I heard of 0.01 second C/C++ solutions but I'm not sure if those are backtracking algorithms of some kind of mathematical solution...
This is my whole algorithm with 2 example Sudokus:
from copy import deepcopy
def is_sol_row(mat,row,val):
m = len(mat)
for i in range(m):
if mat[row][i] == val:
return False
return True
def is_sol_col(mat,col,val):
m = len(mat)
for i in range(m):
if mat[i][col] == val:
return False
return True
def is_sol_block(mat,row,col,val):
rainbow = [0,0,0,3,3,3,6,6,6]
i = rainbow[row]
j = rainbow[col]
elements = {
mat[i + 0][j + 0], mat[i + 1][j + 0], mat[i + 2][j + 0],
mat[i + 0][j + 1], mat[i + 1][j + 1], mat[i + 2][j + 1],
mat[i + 0][j + 2], mat[i + 1][j + 2], mat[i + 2][j + 2],
}
if val in elements:
return False
return True
def is_sol(mat,row,col,val):
return is_sol_row(mat,row,val) and is_sol_col(mat,col,val) and is_sol_block(mat,row,col,val)

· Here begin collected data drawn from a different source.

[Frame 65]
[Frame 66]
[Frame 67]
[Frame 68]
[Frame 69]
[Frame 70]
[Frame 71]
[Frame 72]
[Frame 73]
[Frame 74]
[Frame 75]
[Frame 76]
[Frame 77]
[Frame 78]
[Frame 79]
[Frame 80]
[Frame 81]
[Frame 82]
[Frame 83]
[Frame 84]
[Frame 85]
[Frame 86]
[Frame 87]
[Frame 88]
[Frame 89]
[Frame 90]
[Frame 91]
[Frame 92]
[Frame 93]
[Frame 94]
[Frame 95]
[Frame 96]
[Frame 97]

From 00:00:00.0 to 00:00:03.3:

def findAllZeroIndizes(mat):
m = len(mat)
indizes = []
for i in range(m):
for j in range(m):
if mat[i][j] == 0:
indizes.append((i,j))
return indizes
def sudoku(mat):
q = [(mat,0)]
zeroIndizes = findAllZeroIndizes(mat)
while q:
t,numSolvedIndizes = q.pop()
if numSolvedIndizes == len(zeroIndizes):
return t
else:
i,j = zeroIndizes[numSolvedIndizes]
for k in range(1,10):
if is_sol(t,i,j,k):
newt = deepcopy(t)
newt[i][j] = k
q.append((newt,numSolvedIndizes+1))
return False
mat = [
[7, 0, 0, 0, 0, 9, 0, 0, 3],
[0, 9, 0, 1, 0, 0, 8, 0, 0],
[0, 1, 0, 0, 0, 7, 0, 0, 0],
[0, 3, 0, 4, 0, 0, 0, 8, 0],
[6, 0, 0, 0, 8, 0, 0, 0, 1],
[0, 7, 0, 0, 0, 2, 0, 3, 0],
[0, 0, 0, 5, 0, 0, 0, 1, 0],
[0, 0, 4, 0, 0, 3, 0, 9, 0],
[5, 0, 0, 7, 0, 0, 0, 0, 2],
]
# mat = [
# [3, 0, 6, 5, 0, 8, 4, 0, 0],
# [5, 2, 0, 0, 0, 0, 0, 0, 0],
# [0, 8, 7, 0, 0, 0, 0, 3, 1],
# [0, 0, 3, 0, 1, 0, 0, 8, 0],
# [9, 0, 0, 8, 6, 3, 0, 0, 5],
# [0, 5, 0, 0, 9, 0, 6, 0, 0],
# [1, 3, 0, 0, 0, 0, 2, 5, 0],
# [0, 0, 0, 0, 0, 0, 0, 7, 4],
# [0, 0, 5, 2, 0, 6, 3, 0, 0]
# ]
print(sudoku(mat))
The largest time sink is that, for every open position, you try each of the nine digits, without learning anything about the attempts. Your test grid has 56 open grid locations, so anything you do is magnified through that lens. A little preprocessing will go a long way. For instance, make a list of available numbers in each row and column. Key that appropriately, and use that for your search instead of range(m).
Another technique is to apply simple algorithms to make trivial placements as they become available. For instance, you can quickly derive the 1 in the upper-left block, and the missing 7s in the left and middle columns of blocks. This alone cuts the solution time in half. Wherever you're down to a single choice for what number goes in a selected open square, or where a selected number can be placed in a particular row/col/block, then make that placement before you engage in exhaustive backtracking.